Dedicated that morning's semen to the sun, mussed my red pajamas.

Definition of vanilla sex, and how extraordinary my sexual encounters really are.

Realization that vanilla sex and Rachmaninoff are two totally different things.

Smile and evol grin at the same time....

Christian and I having supper. My tension and poor behaviour.

The last time you will see the name Quentin referred to in these pages.

Missing the yummy Garlic rolls.

Asking "Why do you put up with this shit?"

Hearing "He's the best thing that's ever happened to me."

"The" questions. The answers.

The "if" game.

Why I consider Christian to be prime husband material, and the reason I want to know him better.

"Slowly twisting, twisting in the wind." Death of John Ehrlichman.

"Whaddya mean you don't know who John Ehrlichman was?"

The senior citizen lectures

My collection of pajamas; the larger collection of nightshirts

The pain of calisthenics; subsequent return to Hatha Yoga.

The Filipino boy on the bus.

The boy rubs his dick

The Shtupman looks in interest.

The discussion of average penis size (which was corrected by Christian later, I might add.)

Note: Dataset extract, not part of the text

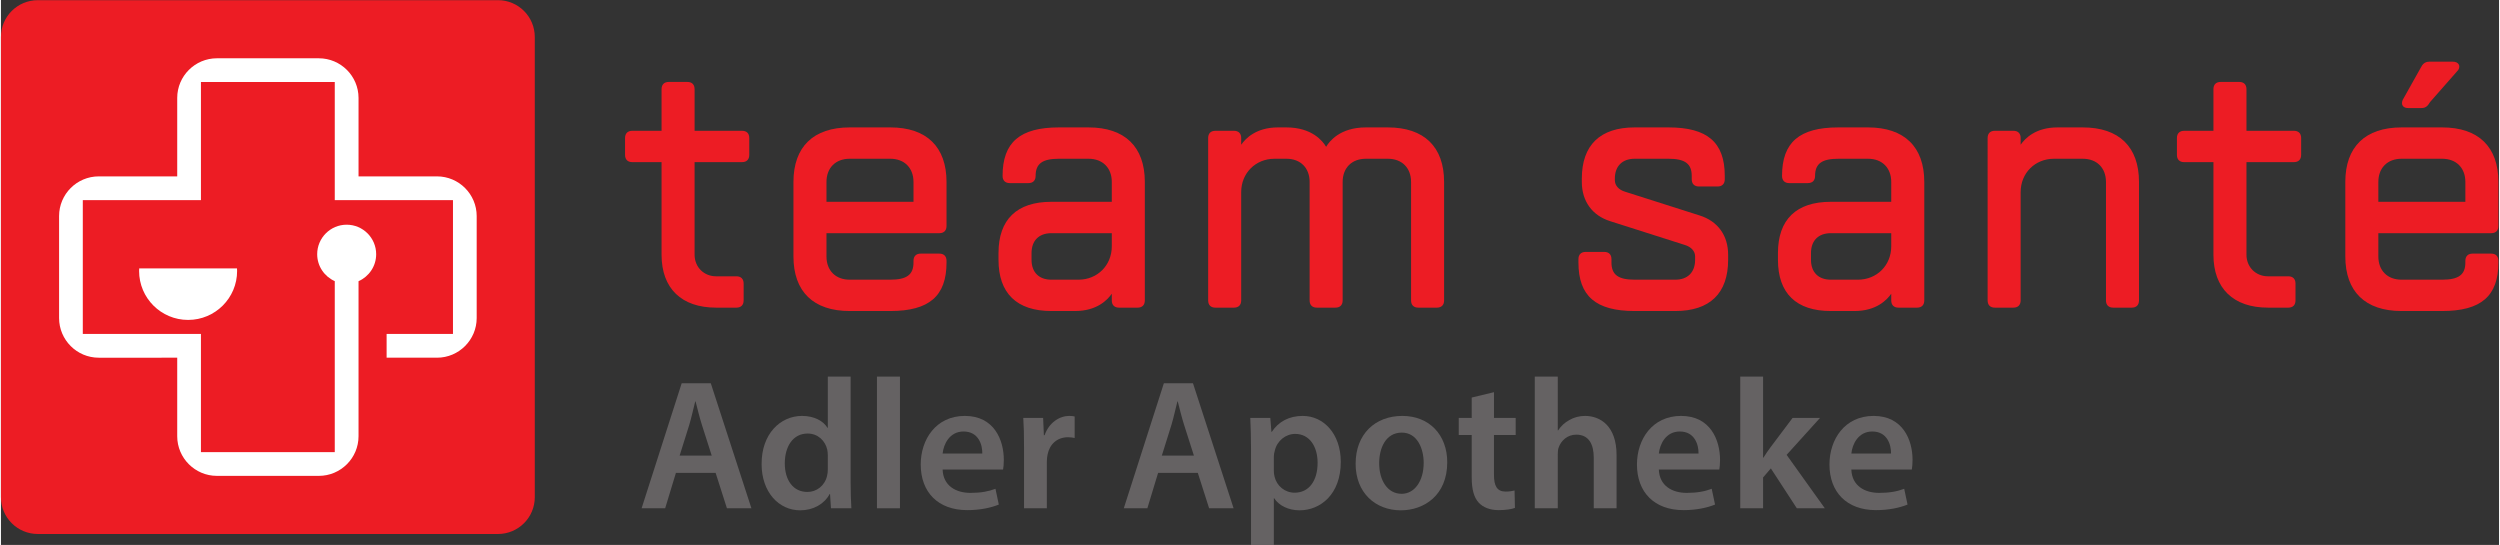 <?xml version="1.0" encoding="UTF-8" standalone="no"?>
<svg xmlns="http://www.w3.org/2000/svg" xml:space="preserve" viewBox="48.6 48.97 911.76 198.9" width="367" height="80"><rect x="48.6" y="48.97" width="911.76" height="198.9" fill="#333333" stroke="none"/><g transform="matrix(1.333,0,0,-1.333,0,291.853)"><g transform="scale(0.1)" id="g12"><path id="path14" style="fill:#ed1c24;fill-opacity:1;fill-rule:nonzero;stroke:none" d="m 1826.25,460.82 c 0,-55.711 -45.09,-100.84 -100.73,-100.84 H 465.531 c -55.789,0 -101.004,45.129 -101.004,100.84 v 1259.94 c 0,55.69 45.215,100.84 101.004,100.84 H 1725.52 c 55.64,0 100.73,-45.15 100.73,-100.84 V 460.82"></path><path id="path16" style="fill:#ffffff;fill-opacity:1;fill-rule:nonzero;stroke:none" d="m 1558.51,1339.13 v 0 h -214.83 v 214.79 c 0,59.81 -48.73,108.55 -108.65,108.55 H 955.855 c -59.875,0 -108.632,-48.74 -108.632,-108.55 V 1339.13 H 632.387 c -60.039,0 -108.633,-48.8 -108.633,-108.64 V 951.309 c 0,-59.879 48.594,-108.629 108.633,-108.629 H 847.223 V 627.691 c 0,-59.812 48.757,-108.562 108.632,-108.562 h 279.175 c 59.92,0 108.65,48.75 108.65,108.562 v 424.449 c 28.42,12.61 48.29,40.86 48.29,73.86 0,44.61 -36.21,80.84 -80.84,80.84 -44.47,0 -80.67,-36.23 -80.67,-80.84 0,-32.84 19.87,-61.17 48.13,-73.71 V 627.691 c 0,-0.371 0,-0.761 0,-1.3 V 584.129 H 912.164 v 43.562 280.079 h -279.777 -1.063 -42.636 v 366.28 h 43.554 0.145 279.777 v 279.87 43.56 h 366.426 v -42.23 c 0,-0.54 0,-0.93 0,-1.33 v 0 -279.87 0 0 h 227.36 52.56 v 0 h 0.16 43.56 v -43.56 0 -279.181 -0.129 -43.41 h -42.63 -1.09 -137.97 v -65.09 h 137.97 c 59.89,0 108.65,48.75 108.65,108.629 v 279.181 c 0,59.84 -48.76,108.64 -108.65,108.64"></path><path id="path18" style="fill:#ffffff;fill-opacity:1;fill-rule:nonzero;stroke:none" d="m 743.168,1087.14 c 0,-2.22 -0.301,-4.68 -0.301,-7.05 0,-74.01 60.047,-133.981 134.16,-133.981 74.11,0 134.163,59.971 134.163,133.981 0,2.37 -0.31,4.83 -0.31,7.05 H 743.168"></path><path id="path20" style="fill:#ed1c24;fill-opacity:1;fill-rule:nonzero;stroke:none" d="m 2393.79,1463.94 h -129.97 v 114.03 c 0,12.56 -7.18,19.75 -19.74,19.75 h -50.94 c -12.55,0 -19.75,-7.19 -19.75,-19.75 v -114.03 h -80.19 c -12.56,0 -19.76,-7.2 -19.76,-19.75 v -46.28 c 0,-12.55 7.2,-19.74 19.76,-19.74 h 80.19 v -253.61 c 0,-92.07 54.45,-144.822 149.38,-144.822 h 55.56 c 12.55,0 19.76,7.203 19.76,19.762 v 46.27 c 0,12.56 -7.21,19.76 -19.76,19.76 h -55.56 c -33.6,0 -58.95,25.35 -58.95,59.03 v 253.61 h 129.97 c 12.55,0 19.74,7.19 19.74,19.74 v 46.28 c 0,12.55 -7.19,19.75 -19.74,19.75"></path><path id="path22" style="fill:#ed1c24;fill-opacity:1;fill-rule:nonzero;stroke:none" d="m 2624.92,1323.84 c 0,38.61 24.95,63.57 63.58,63.57 h 111.09 c 38.63,0 63.59,-24.96 63.59,-63.57 v -54.3 h -238.26 z m 174.67,149.37 H 2688.5 c -99.33,0 -154.01,-53.05 -154.01,-149.37 v -203.92 c 0,-96.38 54.68,-149.44 154.01,-149.44 h 111.09 c 106.52,0 154.02,40.95 154.02,132.78 v 4.63 c 0,12.57 -7.19,19.78 -19.75,19.78 h -50.93 c -12.54,0 -19.75,-7.21 -19.75,-19.78 v -4.63 c 0,-33.38 -18.42,-47 -63.59,-47 H 2688.5 c -38.63,0 -63.58,24.99 -63.58,63.66 v 63.69 h 308.94 c 12.56,0 19.75,7.18 19.75,19.76 v 120.47 c 0,96.32 -54.7,149.37 -154.02,149.37"></path><path id="path24" style="fill:#ed1c24;fill-opacity:1;fill-rule:nonzero;stroke:none" d="m 3186.38,1129.18 c 0,34.08 20.31,54.43 54.33,54.43 h 165.42 v -35.88 c 0,-52.15 -39.28,-91.47 -91.35,-91.47 h -74.07 c -34.02,0 -54.33,20.33 -54.33,54.38 z m 156.17,344.03 h -81.43 c -106.52,0 -154.02,-40.94 -154.02,-132.73 0,-12.55 7.19,-19.75 19.75,-19.75 h 50.94 c 12.56,0 19.74,7.2 19.74,19.75 0,33.33 18.43,46.93 63.59,46.93 h 81.43 c 38.62,0 63.58,-24.96 63.58,-63.57 v -54.3 h -165.42 c -94.72,0 -144.78,-48.53 -144.78,-140.36 v -18.54 c 0,-91.71 50.06,-140.16 144.78,-140.16 h 64.79 c 59.59,0 88.79,30.21 100.63,47.46 V 999.5 c 0,-12.559 7.21,-19.762 19.75,-19.762 h 50.94 c 12.56,0 19.74,7.203 19.74,19.762 v 324.34 c 0,96.32 -54.68,149.37 -154.01,149.37"></path><path id="path26" style="fill:#ed1c24;fill-opacity:1;fill-rule:nonzero;stroke:none" d="m 4161.97,1473.21 h -60.15 c -70.65,0 -99.96,-38.04 -108.83,-53.15 -8.85,15.11 -38.19,53.15 -108.79,53.15 h -23.15 c -59.59,0 -88.78,-30.2 -100.62,-47.48 v 18.46 c 0,12.55 -7.19,19.75 -19.75,19.75 h -50.93 c -12.56,0 -19.75,-7.2 -19.75,-19.75 V 999.5 c 0,-12.559 7.19,-19.762 19.75,-19.762 h 50.93 c 12.56,0 19.75,7.203 19.75,19.762 v 296.56 c 0,52.08 39.3,91.35 91.37,91.35 h 32.4 c 38.63,0 63.59,-24.96 63.59,-63.57 V 999.5 c 0,-12.559 7.19,-19.762 19.73,-19.762 h 50.94 c 12.56,0 19.76,7.203 19.76,19.762 v 324.34 c 0,38.61 24.96,63.57 63.6,63.57 h 60.15 c 38.64,0 63.58,-24.96 63.58,-63.57 V 999.5 c 0,-12.559 7.22,-19.762 19.78,-19.762 h 50.9 c 12.56,0 19.77,7.203 19.77,19.762 v 324.34 c 0,96.32 -54.69,149.37 -154.03,149.37"></path><path id="path28" style="fill:#ed1c24;fill-opacity:1;fill-rule:nonzero;stroke:none" d="m 5015.57,1232.16 -203.81,64.9 c -17.68,5.31 -28.22,17.05 -28.22,31.4 v 4.63 c 0,34.01 20.31,54.32 54.31,54.32 h 92.62 c 45.14,0 63.55,-13.6 63.55,-46.93 v -9.27 c 0,-12.55 7.21,-19.75 19.77,-19.75 h 50.92 c 12.56,0 19.76,7.2 19.76,19.75 v 9.27 c 0,91.79 -47.5,132.73 -154,132.73 h -92.62 c -94.71,0 -144.74,-48.46 -144.74,-140.12 v -9.25 c 0,-52.84 28.49,-92.05 78.16,-107.53 l 203.79,-64.93 c 17.65,-5.3 28.22,-17.06 28.22,-31.46 v -9.28 c 0,-34.05 -20.31,-54.38 -54.32,-54.38 h -111.11 c -45.15,0 -63.57,13.62 -63.57,47 v 9.25 c 0,12.6 -7.19,19.79 -19.75,19.79 h -50.96 c -12.53,0 -19.72,-7.19 -19.72,-19.79 v -9.25 c 0,-91.83 47.5,-132.78 154,-132.78 h 111.11 c 94.71,0 144.75,48.45 144.75,140.16 v 13.92 c 0,52.93 -28.48,92.14 -78.14,107.6"></path><path id="path30" style="fill:#ed1c24;fill-opacity:1;fill-rule:nonzero;stroke:none" d="m 5320.55,1129.18 c 0,34.08 20.31,54.43 54.33,54.43 h 165.43 v -35.88 c 0,-52.15 -39.27,-91.47 -91.36,-91.47 h -74.07 c -34.02,0 -54.33,20.33 -54.33,54.38 z m 156.19,344.03 h -81.43 c -106.54,0 -154.02,-40.94 -154.02,-132.73 0,-12.55 7.19,-19.75 19.75,-19.75 h 50.91 c 12.56,0 19.77,7.2 19.77,19.75 0,33.33 18.42,46.93 63.59,46.93 h 81.43 c 38.61,0 63.57,-24.96 63.57,-63.57 v -54.3 h -165.43 c -94.7,0 -144.76,-48.53 -144.76,-140.36 v -18.54 c 0,-91.71 50.06,-140.16 144.76,-140.16 h 64.81 c 59.59,0 88.79,30.21 100.62,47.46 V 999.5 c 0,-12.559 7.21,-19.762 19.75,-19.762 h 50.92 c 12.57,0 19.78,7.203 19.78,19.762 v 324.34 c 0,96.32 -54.72,149.37 -154.02,149.37"></path><path id="path32" style="fill:#ed1c24;fill-opacity:1;fill-rule:nonzero;stroke:none" d="m 6064.65,1473.21 h -69.44 c -59.57,0 -88.78,-30.2 -100.6,-47.48 v 18.46 c 0,12.55 -7.21,19.75 -19.77,19.75 h -50.93 c -12.54,0 -19.73,-7.2 -19.73,-19.75 V 999.5 c 0,-12.559 7.19,-19.762 19.73,-19.762 h 50.93 c 12.56,0 19.77,7.203 19.77,19.762 v 296.56 c 0,52.08 39.26,91.35 91.35,91.35 h 78.69 c 38.63,0 63.59,-24.96 63.59,-63.57 V 999.5 c 0,-12.559 7.21,-19.762 19.77,-19.762 h 50.92 c 12.55,0 19.74,7.203 19.74,19.762 v 324.34 c 0,96.32 -54.69,149.37 -154.02,149.37"></path><path id="path34" style="fill:#ed1c24;fill-opacity:1;fill-rule:nonzero;stroke:none" d="m 6642.91,1463.94 h -129.98 v 114.03 c 0,12.56 -7.19,19.75 -19.75,19.75 h -50.95 c -12.54,0 -19.73,-7.19 -19.73,-19.75 v -114.03 h -80.2 c -12.55,0 -19.76,-7.2 -19.76,-19.75 v -46.28 c 0,-12.55 7.21,-19.74 19.76,-19.74 h 80.2 v -253.61 c 0,-92.07 54.45,-144.822 149.38,-144.822 h 55.58 c 12.54,0 19.73,7.203 19.73,19.762 v 46.27 c 0,12.56 -7.19,19.76 -19.73,19.76 h -55.58 c -33.6,0 -58.95,25.35 -58.95,59.03 v 253.61 h 129.98 c 12.54,0 19.73,7.19 19.73,19.74 v 46.28 c 0,12.55 -7.19,19.75 -19.73,19.75"></path><path id="path36" style="fill:#ed1c24;fill-opacity:1;fill-rule:nonzero;stroke:none" d="m 6955.23,1526.27 h 37.04 c 12.34,0 17.52,6.74 23.28,16.3 l 76.95,87.6 c 4.79,7.18 3.16,12.63 1.78,15.24 -2.66,4.94 -8.46,7.77 -15.92,7.77 h -64.79 c -13.39,0 -19.35,-8.23 -23.65,-16.87 l -49.39,-88.1 c -2.56,-6.41 -2.44,-11.73 0.33,-15.82 2.73,-4.05 7.58,-6.12 14.37,-6.12"></path><path id="path38" style="fill:#ed1c24;fill-opacity:1;fill-rule:nonzero;stroke:none" d="m 6937.6,1387.41 h 111.11 c 38.61,0 63.58,-24.96 63.58,-63.57 v -54.3 H 6874 v 54.3 c 0,38.61 24.96,63.57 63.6,63.57 z m 245.39,-203.8 c 12.54,0 19.72,7.18 19.72,19.76 v 120.47 c 0,96.32 -54.68,149.37 -154,149.37 H 6937.6 c -99.32,0 -154.03,-53.05 -154.03,-149.37 v -203.92 c 0,-96.38 54.71,-149.44 154.03,-149.44 h 111.11 c 106.5,0 154,40.95 154,132.78 v 4.63 c 0,12.57 -7.18,19.78 -19.72,19.78 h -50.96 c -12.56,0 -19.74,-7.21 -19.74,-19.78 v -4.63 c 0,-33.38 -18.42,-47 -63.58,-47 H 6937.6 c -38.64,0 -63.6,24.99 -63.6,63.66 v 63.69 h 308.99"></path><path id="path40" style="fill:#656263;fill-opacity:1;fill-rule:nonzero;stroke:none" d="m 2310.71,574.609 -26.92,84.301 c -6.6,20.82 -12.18,44.18 -17.26,63.981 h -1.02 c -5.08,-19.801 -10.15,-43.672 -16.25,-63.981 l -26.4,-84.301 z m -98.01,-47.218 -29.45,-97 h -64.5 l 109.69,342.269 h 79.73 l 111.21,-342.269 h -67.03 l -30.98,97 H 2212.7"></path><path id="path42" style="fill:#656263;fill-opacity:1;fill-rule:nonzero;stroke:none" d="m 2628.59,574.609 c 0,5.082 -0.51,11.172 -1.52,16.25 -5.59,24.379 -25.4,44.18 -53.83,44.18 -40.12,0 -62.46,-35.539 -62.46,-81.758 0,-45.191 22.34,-78.199 61.95,-78.199 25.39,0 47.73,17.27 53.83,44.18 1.52,5.59 2.03,11.679 2.03,18.277 z m 62.46,216.332 v -290.98 c 0,-25.391 1.02,-52.813 2.03,-69.57 h -55.86 l -2.54,39.109 h -1.01 c -14.73,-27.43 -44.69,-44.691 -80.75,-44.691 -58.9,0 -105.62,50.273 -105.62,126.441 -0.51,82.781 51.29,132.031 110.7,132.031 34.03,0 58.4,-14.211 69.57,-32.5 h 1.02 v 140.16 h 62.46"></path><path id="path44" style="fill:#656263;fill-opacity:1;fill-rule:nonzero;stroke:none" d="m 2763.14,790.941 h 62.97 v -360.55 h -62.97 v 360.55"></path><path id="path46" style="fill:#656263;fill-opacity:1;fill-rule:nonzero;stroke:none" d="m 3051.57,580.199 c 0.51,22.852 -9.65,60.43 -51.29,60.43 -38.59,0 -54.84,-35.039 -57.38,-60.43 z M 2942.9,536.531 c 1.52,-44.691 36.56,-63.992 76.17,-63.992 28.95,0 49.77,4.063 68.56,11.172 l 9.14,-43.16 c -21.33,-8.629 -50.78,-15.231 -86.33,-15.231 -80.23,0 -127.46,49.25 -127.46,124.918 0,68.551 41.64,133.043 120.86,133.043 80.23,0 106.64,-66.011 106.64,-120.351 0,-11.68 -1.02,-20.821 -2.03,-26.399 H 2942.9"></path><path id="path48" style="fill:#656263;fill-opacity:1;fill-rule:nonzero;stroke:none" d="m 3165.82,597.969 c 0,33.519 -0.51,57.383 -2.04,79.73 h 54.34 l 2.03,-47.23 h 2.03 c 12.19,35.043 41.14,52.812 67.54,52.812 6.1,0 9.65,-0.5 14.73,-1.519 v -58.91 c -5.08,1.019 -10.67,2.039 -18.28,2.039 -29.96,0 -50.28,-19.301 -55.86,-47.231 -1.02,-5.59 -2.03,-12.191 -2.03,-19.301 V 430.391 h -62.46 v 167.578"></path><path id="path50" style="fill:#656263;fill-opacity:1;fill-rule:nonzero;stroke:none" d="m 3630.96,574.609 -26.92,84.301 c -6.6,20.82 -12.18,44.18 -17.26,63.981 h -1.02 c -5.08,-19.801 -10.15,-43.672 -16.25,-63.981 l -26.4,-84.301 z m -98.01,-47.218 -29.45,-97 H 3439 l 109.69,342.269 h 79.73 l 111.21,-342.269 h -67.03 l -30.98,97 h -108.67"></path><path id="path52" style="fill:#656263;fill-opacity:1;fill-rule:nonzero;stroke:none" d="m 3849.8,533.988 c 0,-6.097 0.51,-11.679 2.04,-17.269 6.09,-25.387 28.43,-43.668 54.84,-43.668 39.61,0 62.97,33.008 62.97,81.758 0,43.671 -21.33,79.222 -61.45,79.222 -25.9,0 -49.76,-18.793 -55.86,-46.211 -1.52,-5.082 -2.54,-10.672 -2.54,-15.75 z m -62.46,61.442 c 0,32.5 -1.01,58.91 -2.03,82.269 h 54.85 l 3.04,-38.09 h 1.02 c 18.28,27.93 47.23,43.672 84.8,43.672 56.88,0 104.11,-48.75 104.11,-125.929 0,-89.383 -56.37,-132.543 -112.74,-132.543 -30.98,0 -56.87,13.203 -69.57,33.011 h -1.02 V 329.852 h -62.46 V 595.43"></path><path id="path54" style="fill:#656263;fill-opacity:1;fill-rule:nonzero;stroke:none" d="m 4138.22,553.789 c 0,-47.73 23.36,-83.789 61.45,-83.789 35.54,0 60.43,35.039 60.43,84.809 0,38.589 -17.27,82.773 -59.92,82.773 -44.18,0 -61.96,-42.652 -61.96,-83.793 z m 186.37,2.543 c 0,-90.902 -63.98,-131.523 -126.95,-131.523 -70.08,0 -123.91,48.242 -123.91,127.461 0,81.25 53.32,131.011 127.97,131.011 73.63,0 122.89,-51.793 122.89,-126.949"></path><path id="path56" style="fill:#656263;fill-opacity:1;fill-rule:nonzero;stroke:none" d="m 4452.56,748.281 v -70.582 h 59.41 V 630.98 h -59.41 V 521.801 c 0,-29.961 8.12,-45.699 31.99,-45.699 10.66,0 18.79,1.519 24.38,3.039 l 1.01,-47.731 c -9.14,-3.558 -25.39,-6.09 -45.19,-6.09 -22.86,0 -42.15,7.61 -53.83,20.309 -13.21,14.223 -19.3,36.562 -19.3,69.062 V 630.98 h -35.55 v 46.719 h 35.55 v 55.86 l 60.94,14.722"></path><path id="path58" style="fill:#656263;fill-opacity:1;fill-rule:nonzero;stroke:none" d="m 4564.26,790.941 h 62.97 V 643.68 h 1.01 c 7.62,11.672 17.78,21.32 30.98,28.429 12.19,7.11 26.91,11.172 42.66,11.172 42.14,0 86.32,-27.929 86.32,-107.14 v -145.75 h -62.46 v 138.64 c 0,36.051 -13.2,62.969 -47.73,62.969 -24.38,0 -41.64,-16.25 -48.24,-35.039 -2.04,-5.082 -2.54,-11.68 -2.54,-18.789 V 430.391 h -62.97 v 360.55"></path><path id="path60" style="fill:#656263;fill-opacity:1;fill-rule:nonzero;stroke:none" d="m 5012.64,580.199 c 0.5,22.852 -9.65,60.43 -51.29,60.43 -38.6,0 -54.85,-35.039 -57.39,-60.43 z m -108.68,-43.668 c 1.53,-44.691 36.57,-63.992 76.18,-63.992 28.94,0 49.76,4.063 68.55,11.172 l 9.14,-43.16 c -21.33,-8.629 -50.78,-15.231 -86.33,-15.231 -80.23,0 -127.46,49.25 -127.46,124.918 0,68.551 41.64,133.043 120.86,133.043 80.24,0 106.64,-66.011 106.64,-120.351 0,-11.68 -1.01,-20.821 -2.03,-26.399 h -165.55"></path><path id="path62" style="fill:#656263;fill-opacity:1;fill-rule:nonzero;stroke:none" d="m 5189.36,569.031 h 1.01 c 6.09,9.649 13.2,20.309 19.81,28.938 l 59.92,79.73 h 75.15 l -91.4,-101.058 104.61,-146.25 h -76.68 l -71.1,109.179 -21.32,-24.879 v -84.3 h -62.47 v 360.55 h 62.47 v -221.91"></path><path id="path64" style="fill:#656263;fill-opacity:1;fill-rule:nonzero;stroke:none" d="m 5539.73,580.199 c 0.5,22.852 -9.65,60.43 -51.29,60.43 -38.6,0 -54.85,-35.039 -57.39,-60.43 z m -108.68,-43.668 c 1.53,-44.691 36.57,-63.992 76.18,-63.992 28.94,0 49.76,4.063 68.55,11.172 l 9.14,-43.16 c -21.33,-8.629 -50.78,-15.231 -86.33,-15.231 -80.23,0 -127.46,49.25 -127.46,124.918 0,68.551 41.64,133.043 120.86,133.043 80.24,0 106.64,-66.011 106.64,-120.351 0,-11.68 -1.01,-20.821 -2.03,-26.399 h -165.55"></path></g></g></svg>

The Filipino boy crosses the line.

Kaahumanu Cemetery, the cement cross with my name on it.

ICQ message from Robb "Hey man, Your journal6.html page is fuqued"

That brings us to right here, right now. You've just inhaled close to twenty printed pages of stuff. INXS is pau, and I've moved on to the rhythmic sway of ABBA. We'll have a proper journal entry now....

I mentioned earlier that I had a new buddy. Yuppers, this one is from Washington, along the beautiful Peuget Sound just north of Seattle. Smelly little town says he. This young man had his lunch and promptly returned said meal to the soil from whence it came. He had a "kick ass" weekend, he told me.

It seems after a week of wringing his hands and worrying about how to do it, he came out to his best friend in school, on whom he has a huuge crush. That went so well, he told 5 more people, including the Homecoming Queen of his orientation.

Not too bad for a seventeen year old high school student. Not too fucking bad. J

I applauded his story of bravery and bravado, and immediately started thinking about my other high-school age buddy, James, and thought, "How wonderful it would be for these two young men to meet and exchange war stories." About that time, I heard the familiar "uh-oh" of the ICQ telling me that James had sent a message.

Karma works...I'm telling you. Let the universe take over all the big details.

"Don't go wasting your emotions...lay all your love on me." Dontcha just love ABBA? "Don't go sharing your devotions, lay all your love on me." Don't mind me while I sit in the corner and sing. Beats the hell out of cleaning off my desk.

Back to matters at hand...James, Arion, and I sat and recounted the events that had shaped his weekend and made it such a kick ass experience. I remember the first person that I told that I was gay. It was Julie, way back in High School. I was probably about 16 or so at the time, and the event occurred in the middle of a field of soybeans east of town. She wasn't surprised...I always have been a rather flamboyant person. The fact that I was in drama, choir, AND debate shouldn't and couldn't have surprised many people at all. There was also the Girl's Club incident with my friend Greg that shocked and appalled many of the grey-suited people in my hometown. (Oh, that. We felt that Girl's Club was discriminatory by its nature, so since there was no prohibition against males joining Girl's Club, we did. It was promptly renamed "Student's Club." My nickname to several people in the school after that was "faggot.")

That's enough of that. That, dear ones, is why I didn't go to work today. RR comes home tomorrow night. I've missed him terribly, in case I didn't mention it previously.

A last comment. My friend James just came out to his mother. I'm very proud of him...it's a big step in his life.